The Supreme Court affirmed the decision of the Court of Appeals, upholding the dismissal of the complaint. The Court ruled that Pilipinas Bank did not violate its obligation to physically deliver the promissory note because a lawful SEC order had frozen all assets of Philfinance, placing it under suspension of payments. The SEC, by virtue of Presidential Decree No. 902-A, has exclusive and original jurisdiction to liquidate Philfinance and decide all questions concerning the title or right of possession to its assets, including the promissory note in question. Therefore, the Bank could not lawfully deliver the security without violating the SEC order, and any claim should have been coursed through the SEC-CB Management Committee for equitable disposition.

Ratio Decidendi

On the issue of the Securities Custodianship Agreement and Pilipinas Bank's liability: The Court held that while petitioners were not direct parties to the Securities Custodianship Agreement, their claim was based on the Denominated Custodian Receipt (DCR) issued by Pilipinas Bank. The DCR contained an undertaking by the Bank to physically deliver the security upon written instructions. However, this undertaking was rendered impossible by the Securities and Exchange Commission (SEC) Order dated June 18, 1981, which placed Philfinance under suspension of payments and froze all its assets. The SEC, under PD 902-A, has exclusive jurisdiction over the liquidation of corporations and the determination of all questions concerning title or right of possession to assets of such corporations. Therefore, Pilipinas Bank could not lawfully deliver the promissory note to the petitioners without violating the SEC order. The Court reasoned that the assets of Philfinance were held in trust for the equal benefit of all creditors, and allowing one creditor to obtain an advantage through judicial proceedings would prejudice others. The Court cited Dharmdas vs. Buenaflor and Alemar's Sibal & Sons, Inc. vs. Elbinias to support the principle that all claims against a corporation under receivership or suspension of payments must be filed with the SEC for equitable distribution. On the issue of Delta Motors Corporation's liability and the Negotiable Instruments Law: The Court did not directly rule on Delta Motors Corporation's liability under the non-negotiable promissory note, as the primary issue revolved around the SEC's jurisdiction over the asset.

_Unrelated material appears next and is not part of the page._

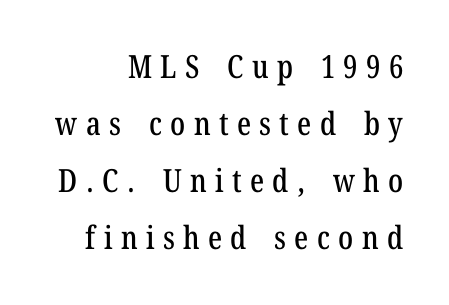
The gaps between neighbouring characters are conspicuously large. The rag falls on the left side of this text block. This sample has the flowing, uneven cadence of proportional lettering. Characters remain perfectly vertical along every line. Old-style or modern, the face here clearly has serifs. Decoration check: the copy has no underline.

However, the Court implied that any dispute concerning the promissory note, including its ownership and right of possession, should have been brought before the SEC. The Court noted that Delta Motors' claim that it merely "warehoused" the promissory note and never authorized its sale or assignment should have been threshed out by the SEC. The Court's focus remained on the SEC's exclusive jurisdiction, which superseded the petitioners' claims against Delta Motors and Pilipinas Bank in the regular courts. The Court reiterated that the SEC's order effectively placed the promissory note under its custody, and only the SEC could resolve disputes concerning it.

Main Doctrine

A bank holding a promissory note as custodian for a finance company, which is subsequently placed under suspension of payments by the SEC, cannot be compelled to physically deliver the promissory note to a third party who claims to have purchased a portion of it, as the SEC has exclusive jurisdiction over all questions concerning the title or right of possession to the assets of the distressed corporation.